| Assignment |
Here are records with pictures in them. Copy all of them exactly and leave the pictures out.

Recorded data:

----------------------------------------

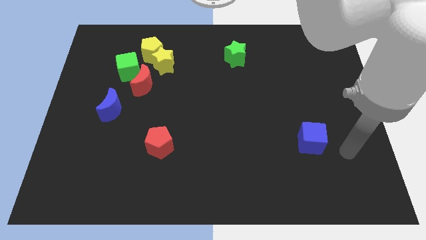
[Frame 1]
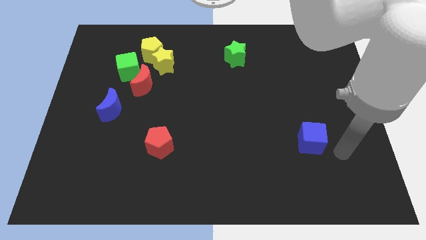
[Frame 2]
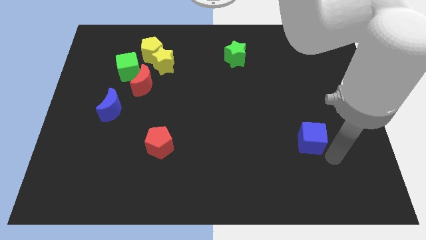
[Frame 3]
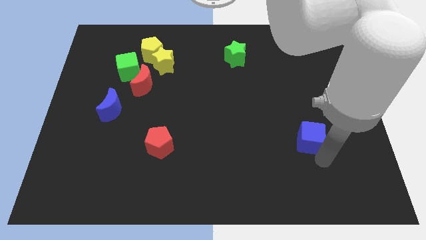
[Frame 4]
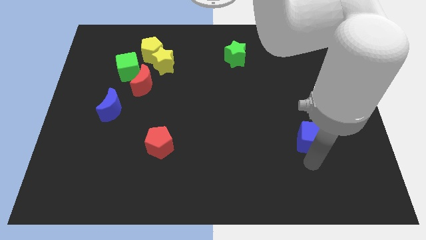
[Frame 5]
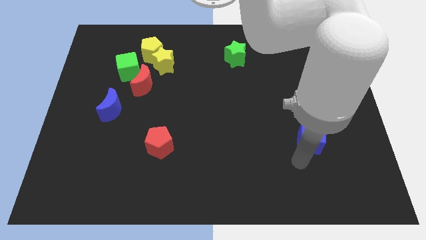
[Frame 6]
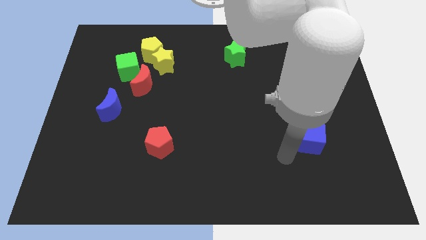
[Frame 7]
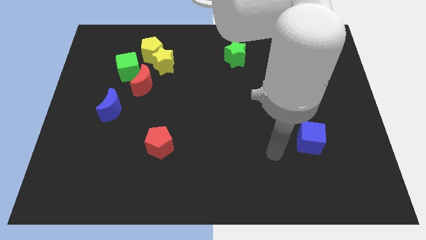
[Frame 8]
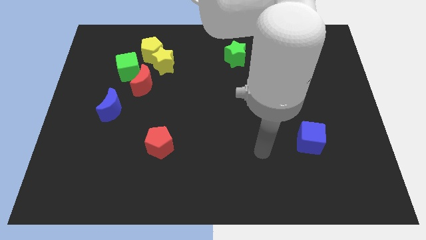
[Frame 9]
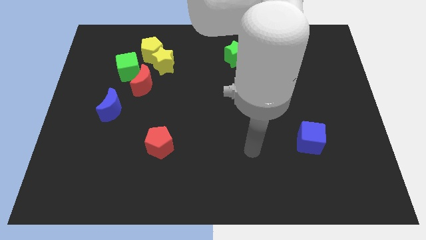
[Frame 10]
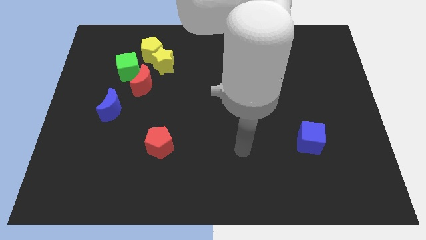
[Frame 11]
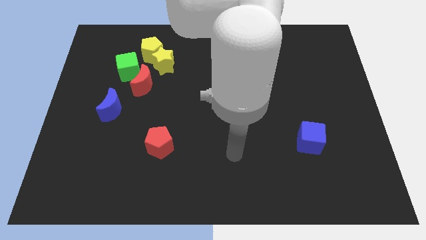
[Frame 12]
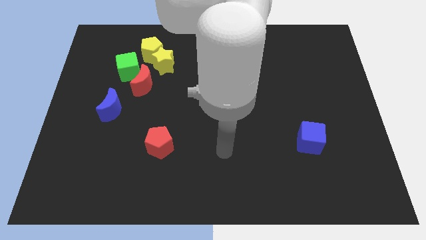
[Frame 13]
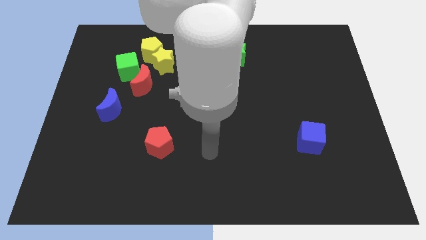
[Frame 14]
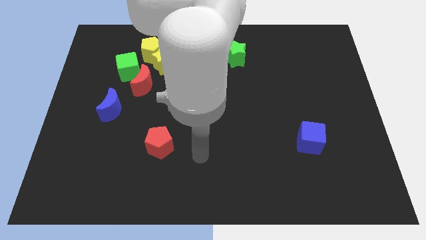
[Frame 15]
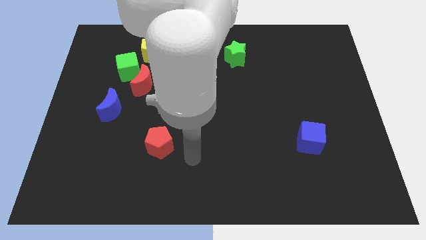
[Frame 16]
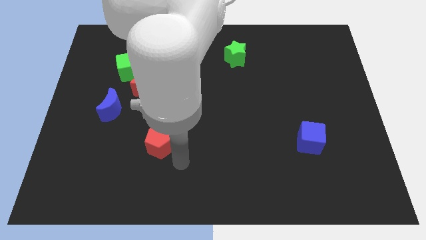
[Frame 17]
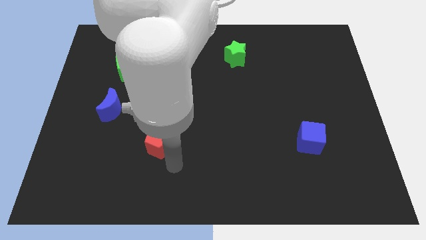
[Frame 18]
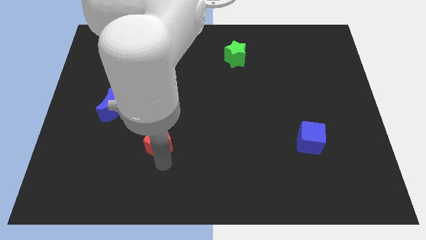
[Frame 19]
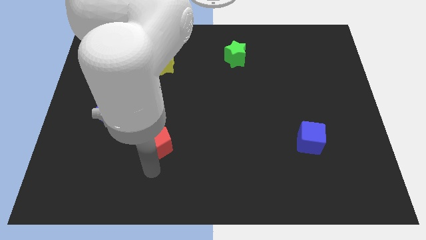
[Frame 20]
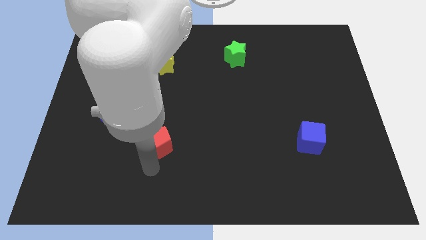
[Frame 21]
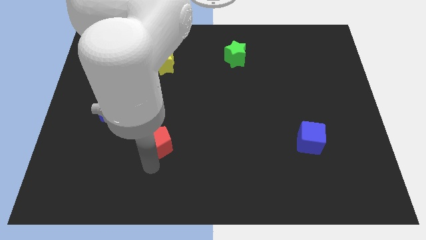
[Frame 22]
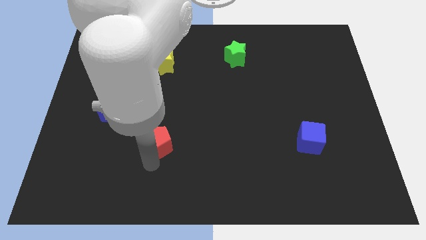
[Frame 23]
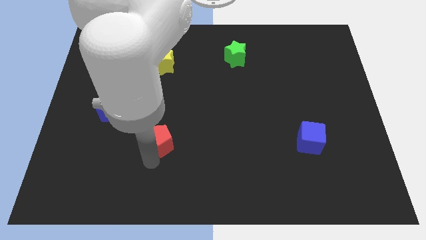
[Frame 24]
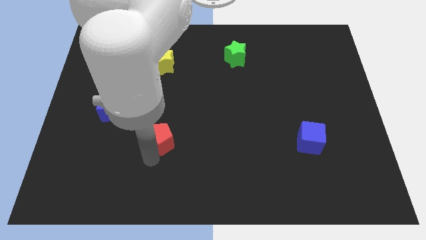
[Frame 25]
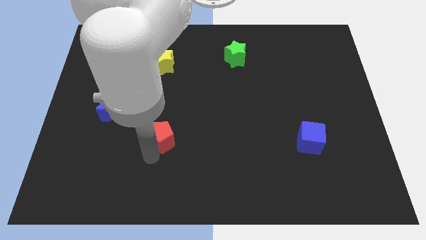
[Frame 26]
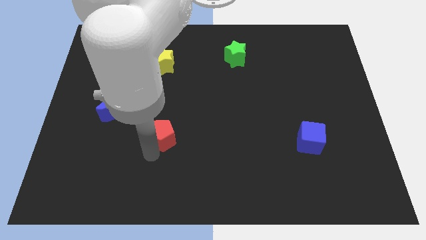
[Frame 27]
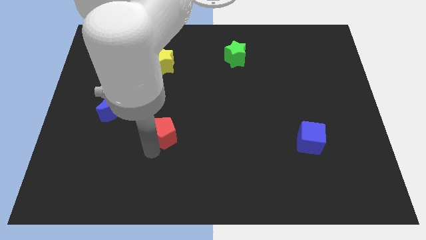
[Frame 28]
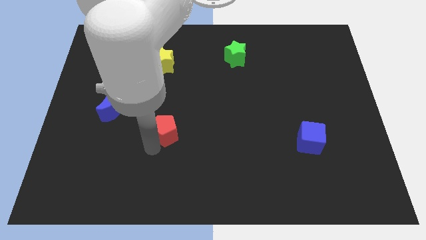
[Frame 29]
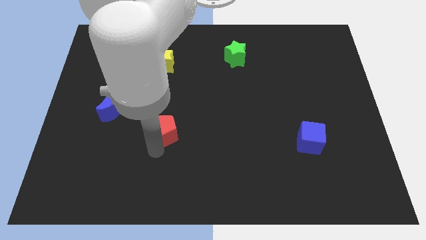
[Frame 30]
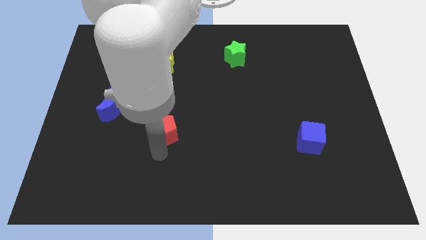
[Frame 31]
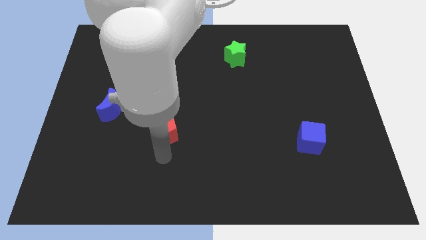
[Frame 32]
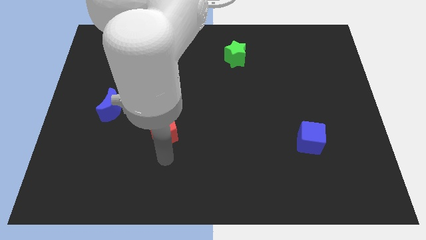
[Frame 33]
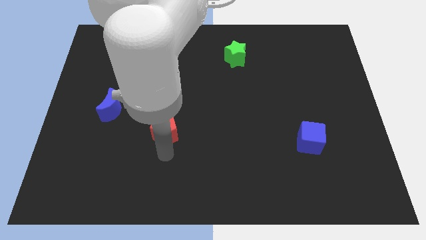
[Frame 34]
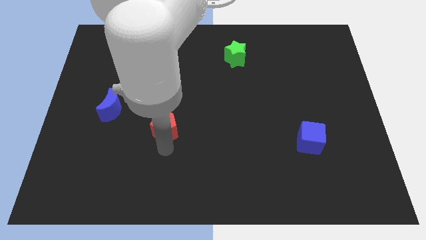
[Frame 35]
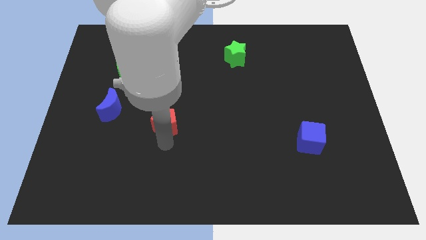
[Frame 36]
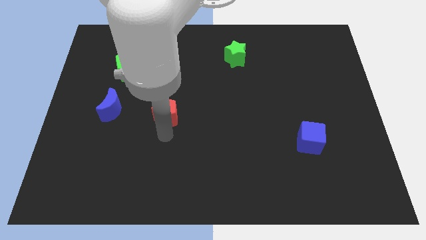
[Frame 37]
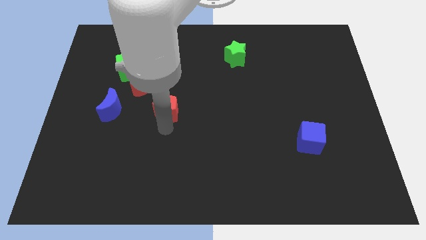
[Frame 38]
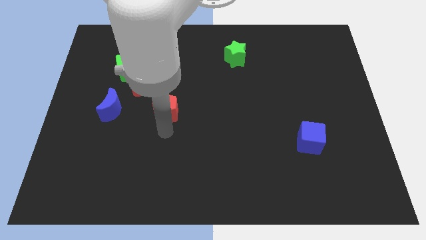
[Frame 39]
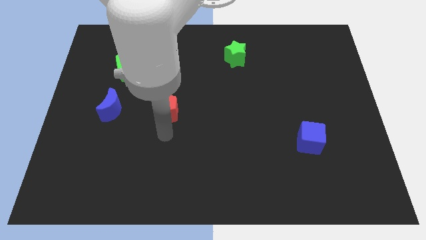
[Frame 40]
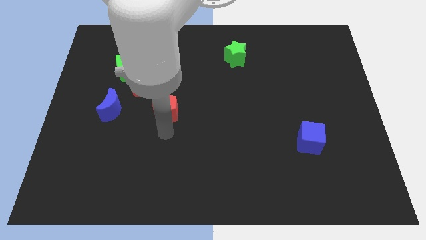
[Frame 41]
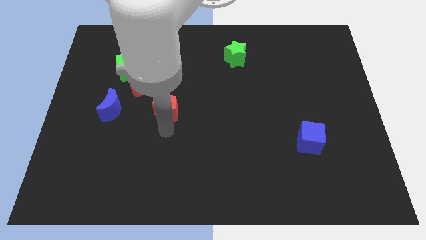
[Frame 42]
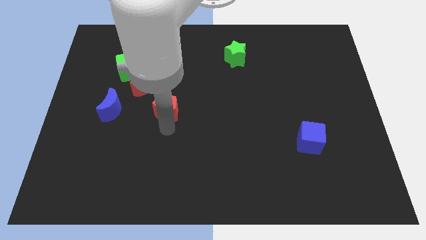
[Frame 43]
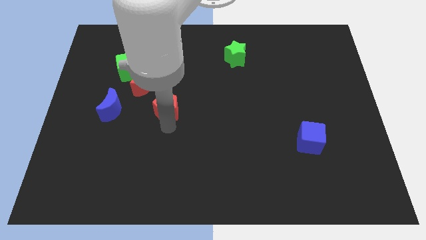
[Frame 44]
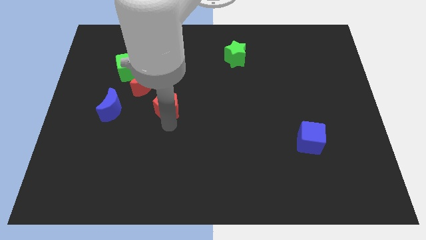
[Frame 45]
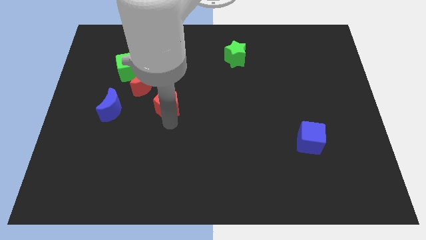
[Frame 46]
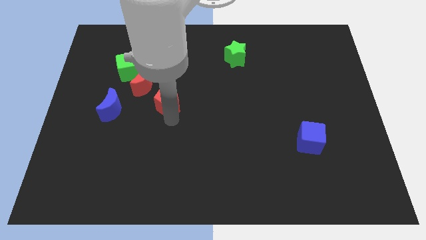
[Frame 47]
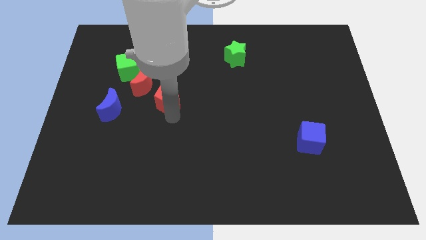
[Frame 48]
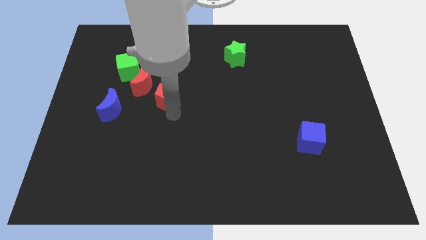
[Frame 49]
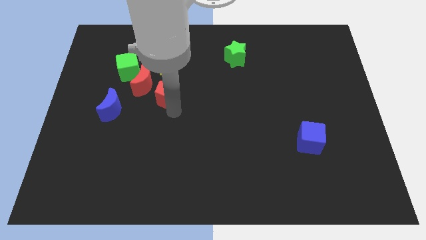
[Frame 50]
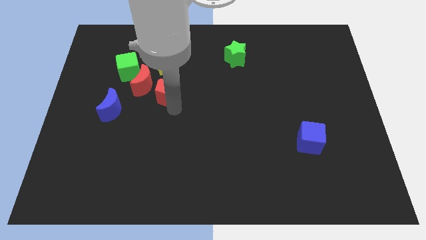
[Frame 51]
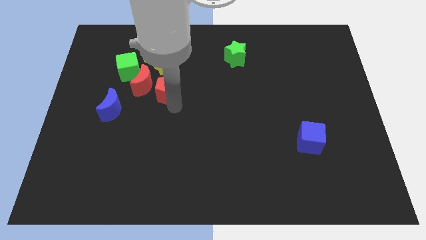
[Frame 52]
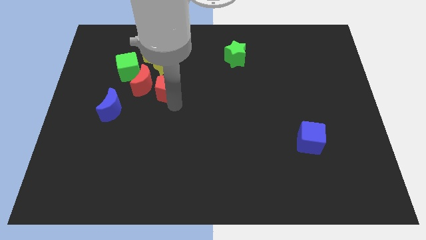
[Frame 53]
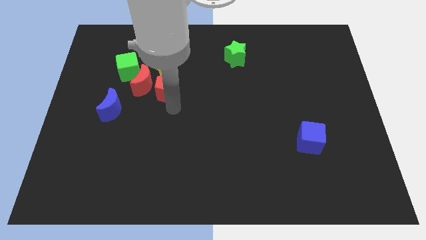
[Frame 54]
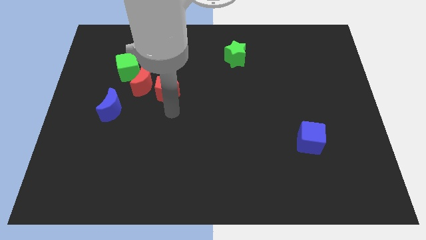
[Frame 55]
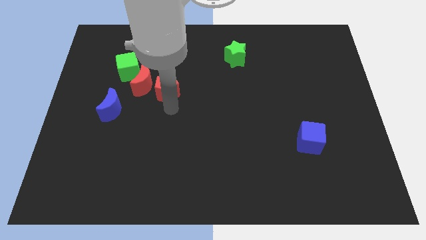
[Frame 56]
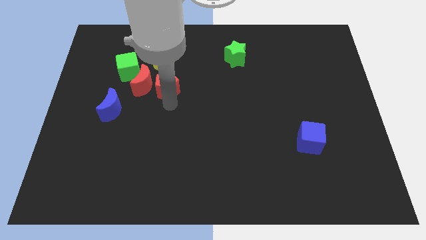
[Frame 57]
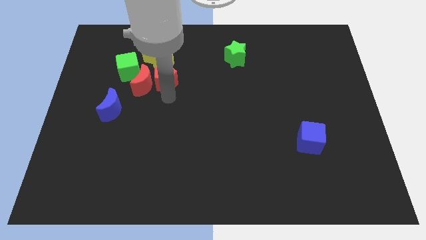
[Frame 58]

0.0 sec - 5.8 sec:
slide the red pentagon close to the yellow star

----------------------------------------

| Answer area |
[Frame 1]
[Frame 2]
[Frame 3]
[Frame 4]
[Frame 5]
[Frame 6]
[Frame 7]
[Frame 8]
[Frame 9]
[Frame 10]
[Frame 11]
[Frame 12]
[Frame 13]
[Frame 14]
[Frame 15]
[Frame 16]
[Frame 17]
[Frame 18]
[Frame 19]
[Frame 20]
[Frame 21]
[Frame 22]
[Frame 23]
[Frame 24]
[Frame 25]
[Frame 26]
[Frame 27]
[Frame 28]
[Frame 29]
[Frame 30]
[Frame 31]
[Frame 32]
[Frame 33]
[Frame 34]
[Frame 35]
[Frame 36]
[Frame 37]
[Frame 38]
[Frame 39]
[Frame 40]
[Frame 41]
[Frame 42]
[Frame 43]
[Frame 44]
[Frame 45]
[Frame 46]
[Frame 47]
[Frame 48]
[Frame 49]
[Frame 50]
[Frame 51]
[Frame 52]
[Frame 53]
[Frame 54]
[Frame 55]
[Frame 56]
[Frame 57]
[Frame 58]

0.0 sec - 5.8 sec:
slide the red pentagon close to the yellow star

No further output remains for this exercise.